→ **EXTRACTED RECORDS**:
==============================
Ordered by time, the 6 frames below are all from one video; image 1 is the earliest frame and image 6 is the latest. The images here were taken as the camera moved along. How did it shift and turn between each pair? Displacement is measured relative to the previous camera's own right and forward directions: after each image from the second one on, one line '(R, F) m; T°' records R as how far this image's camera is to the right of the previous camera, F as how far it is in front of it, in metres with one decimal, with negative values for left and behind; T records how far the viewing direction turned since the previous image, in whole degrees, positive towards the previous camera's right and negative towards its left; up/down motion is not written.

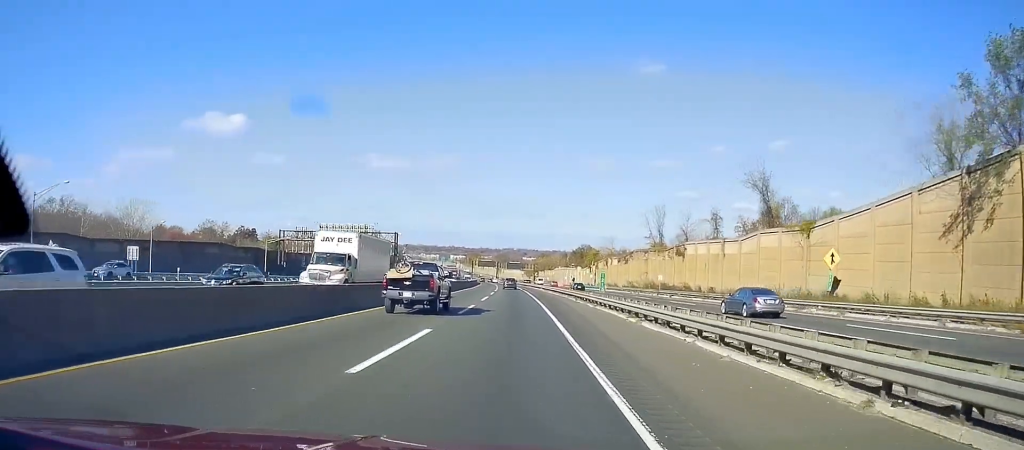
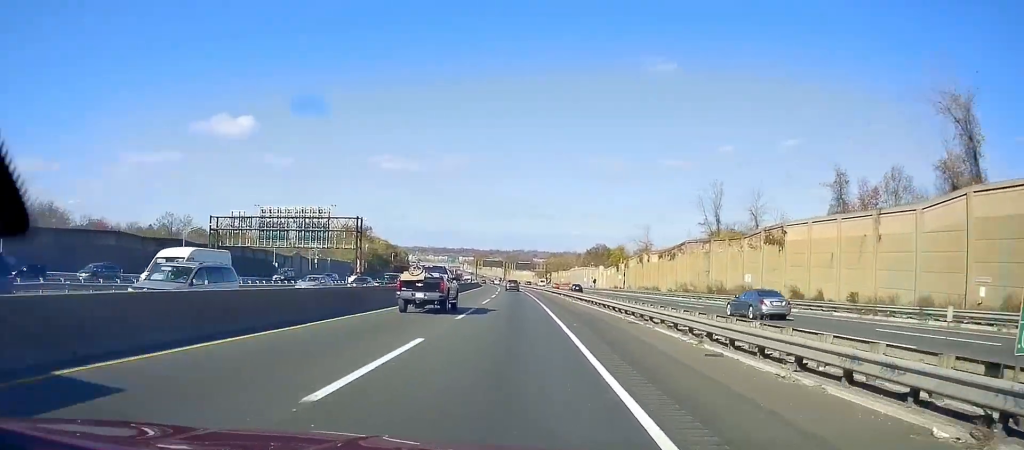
(-0.4, +33.0) m; -1°
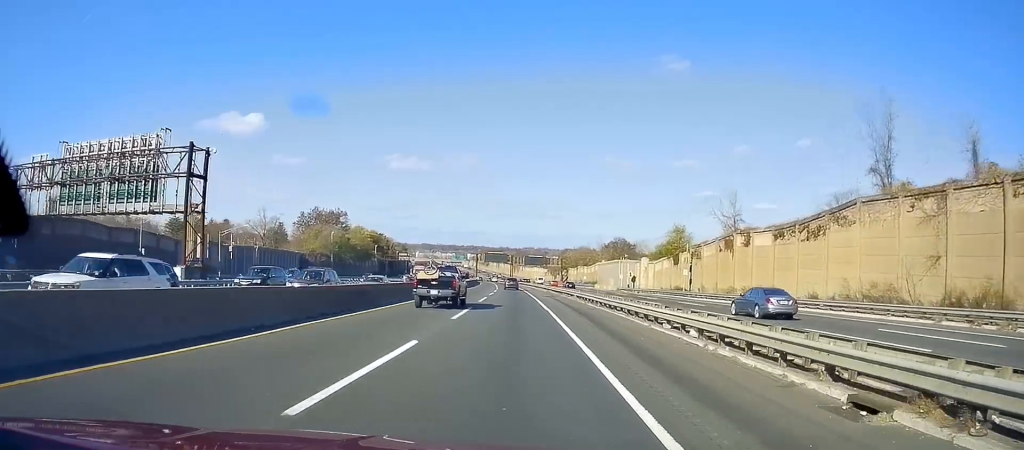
(+0.4, +47.1) m; +1°
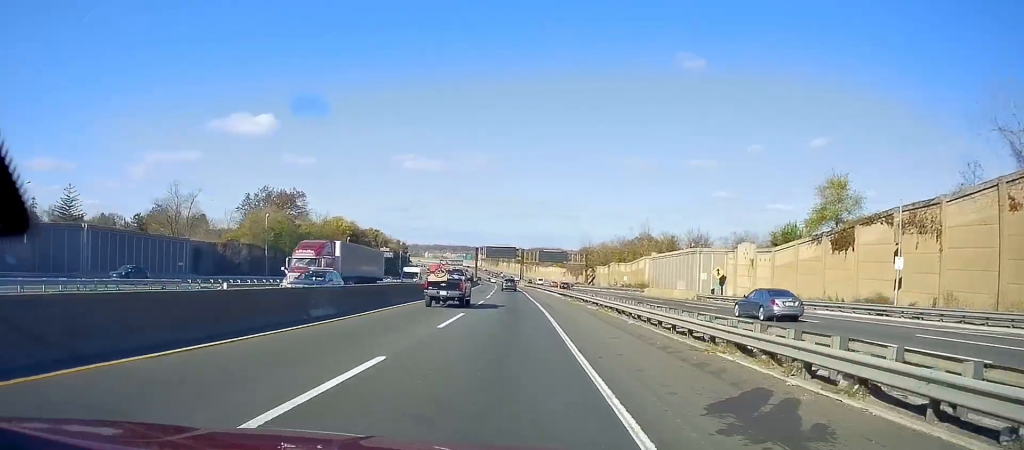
(-0.9, +48.8) m; -3°
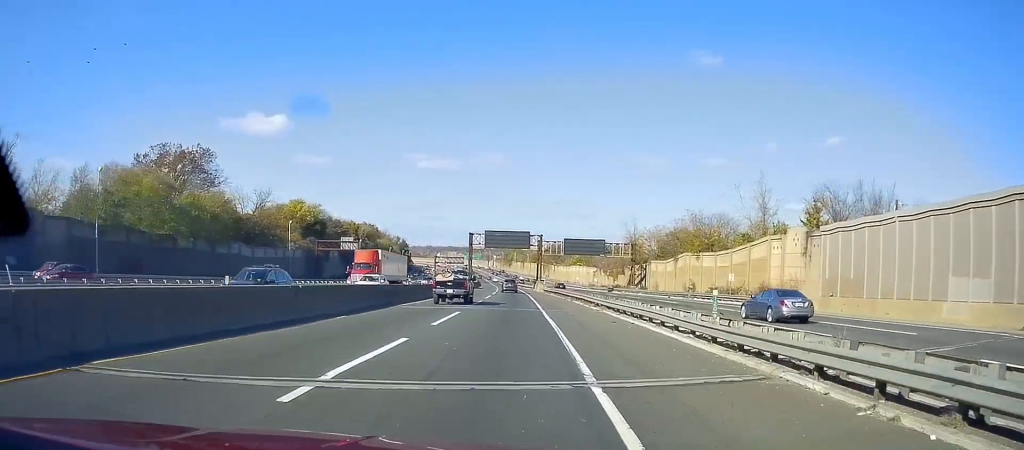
(-0.8, +53.6) m; -1°
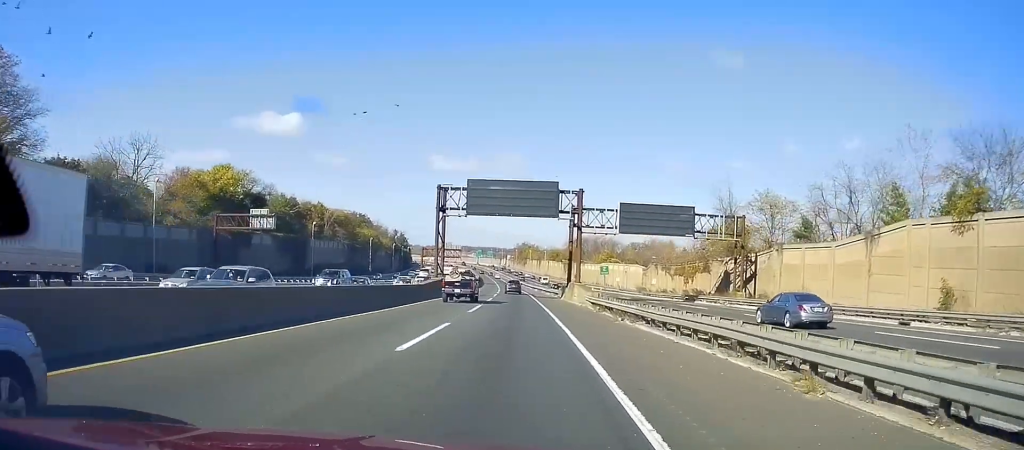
(-0.1, +52.6) m; -1°
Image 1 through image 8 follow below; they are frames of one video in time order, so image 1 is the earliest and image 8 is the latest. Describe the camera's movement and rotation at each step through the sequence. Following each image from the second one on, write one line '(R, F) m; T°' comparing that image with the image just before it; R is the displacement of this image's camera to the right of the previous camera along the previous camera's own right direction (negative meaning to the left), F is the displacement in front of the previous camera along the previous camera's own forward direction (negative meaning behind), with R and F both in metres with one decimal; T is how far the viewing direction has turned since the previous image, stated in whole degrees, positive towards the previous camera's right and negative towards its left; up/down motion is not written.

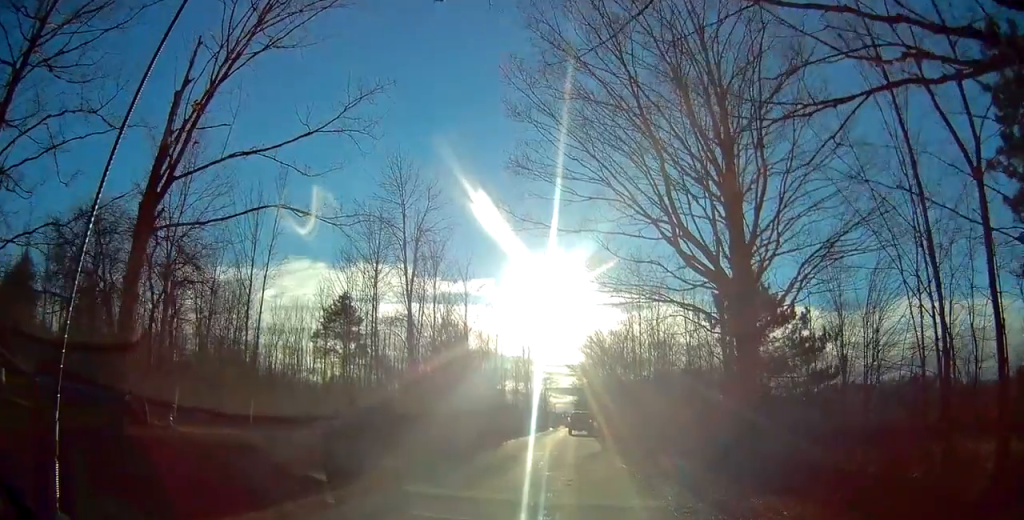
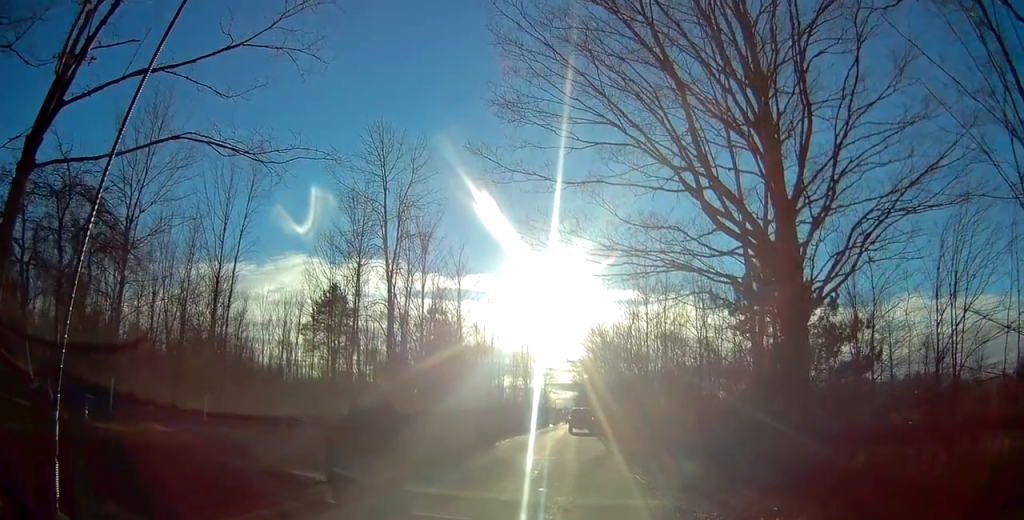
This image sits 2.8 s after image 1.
(+0.5, +2.4) m; 0°
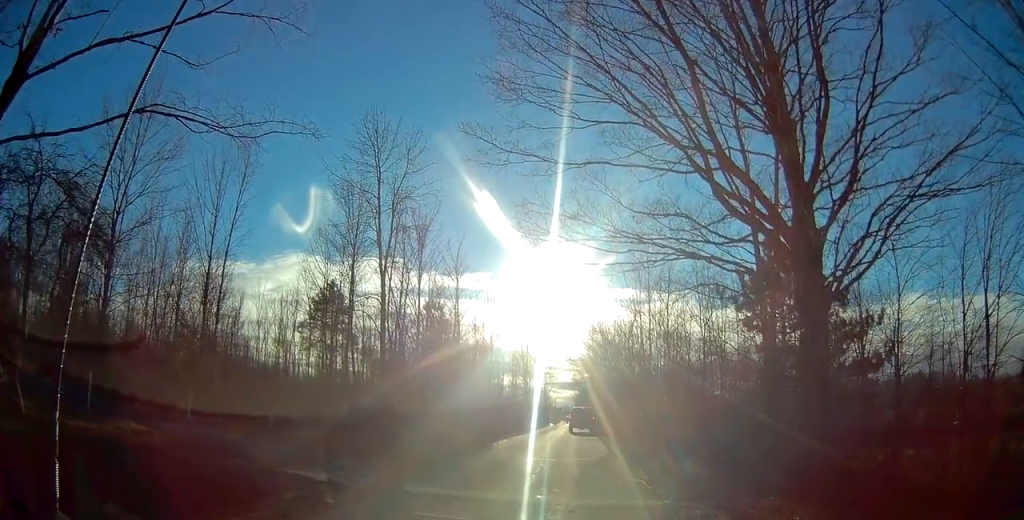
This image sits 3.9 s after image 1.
(-0.3, +1.0) m; 0°
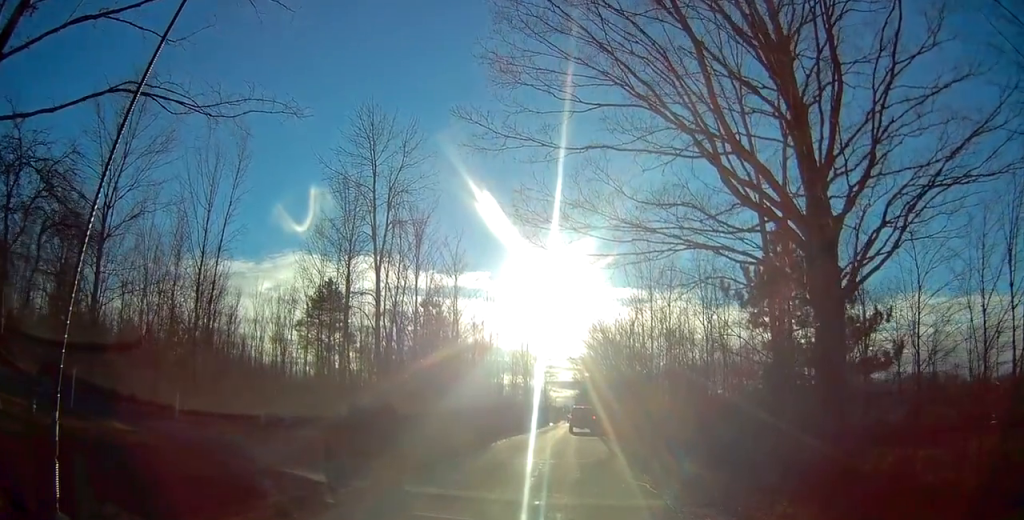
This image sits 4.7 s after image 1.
(-0.2, +0.7) m; 0°
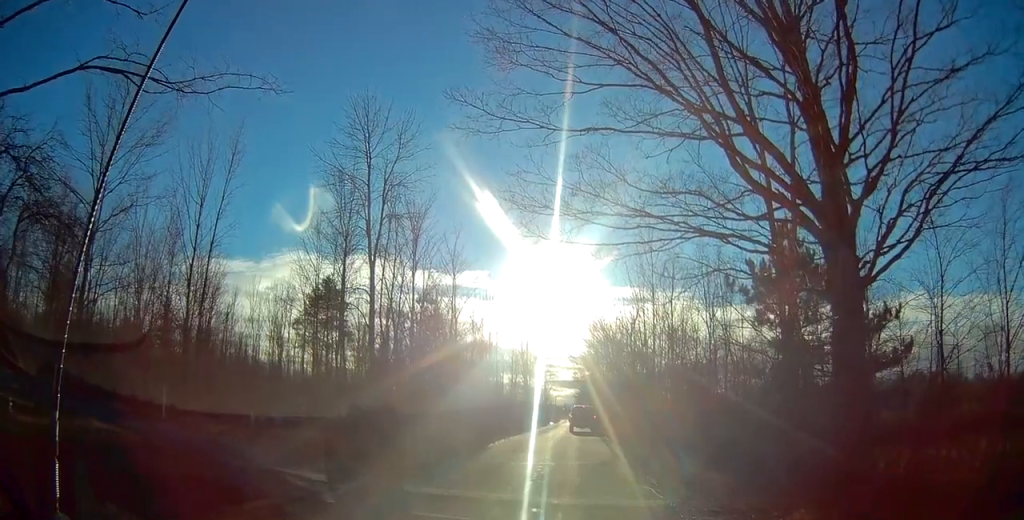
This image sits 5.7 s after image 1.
(-0.2, +0.7) m; 0°
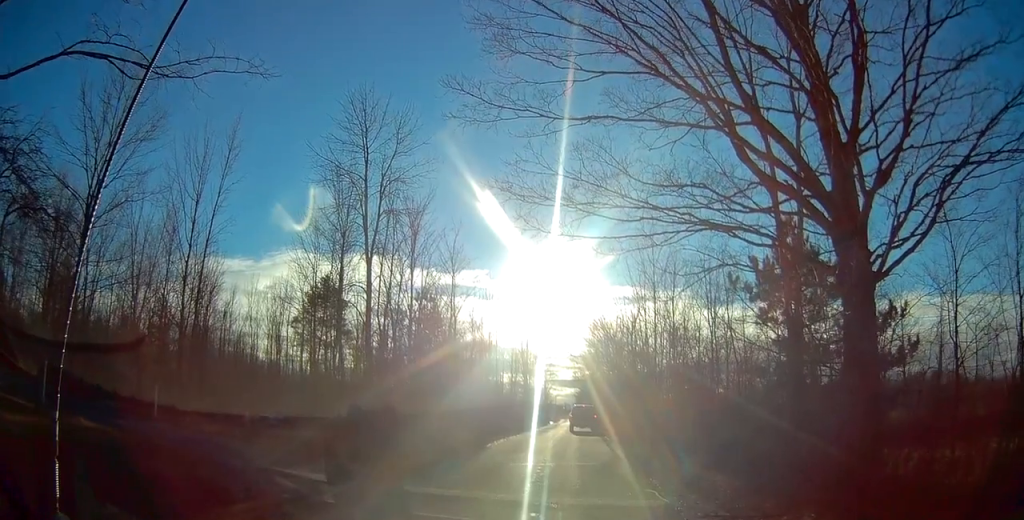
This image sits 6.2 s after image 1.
(-0.1, +0.4) m; 0°
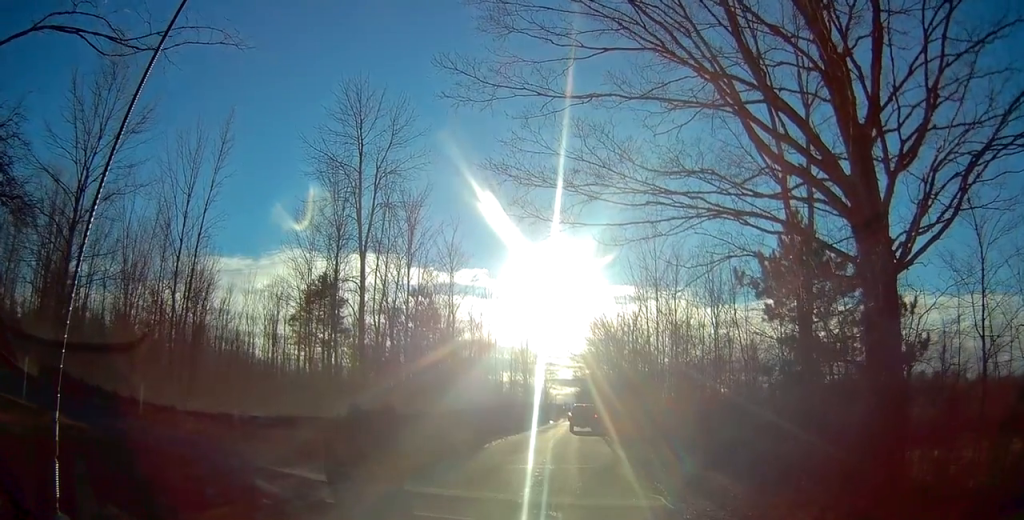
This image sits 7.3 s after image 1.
(-0.2, +0.7) m; 0°
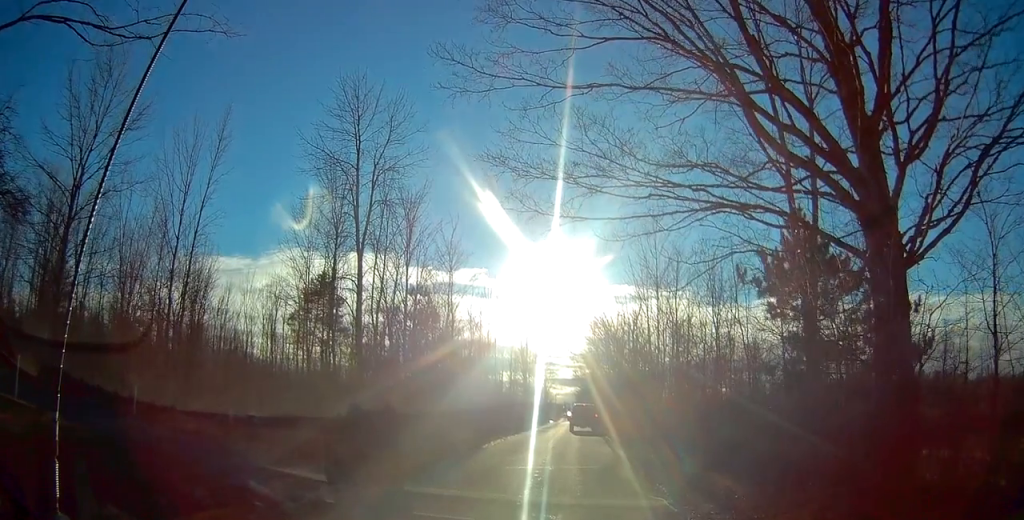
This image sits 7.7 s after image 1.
(-0.1, +0.3) m; 0°
==============================
→ **WHAT THE TASK REQUIRES**:
From the line that contains "This image sits 5.7 s after image 1." to the last line of the data, print each line exactly, both ends included, and omit the pictures.

→ **TASK ANSWER**:
This image sits 5.7 s after image 1.
(-0.2, +0.7) m; 0°
This image sits 6.2 s after image 1.
(-0.1, +0.4) m; 0°
This image sits 7.3 s after image 1.
(-0.2, +0.7) m; 0°
This image sits 7.7 s after image 1.
(-0.1, +0.3) m; 0°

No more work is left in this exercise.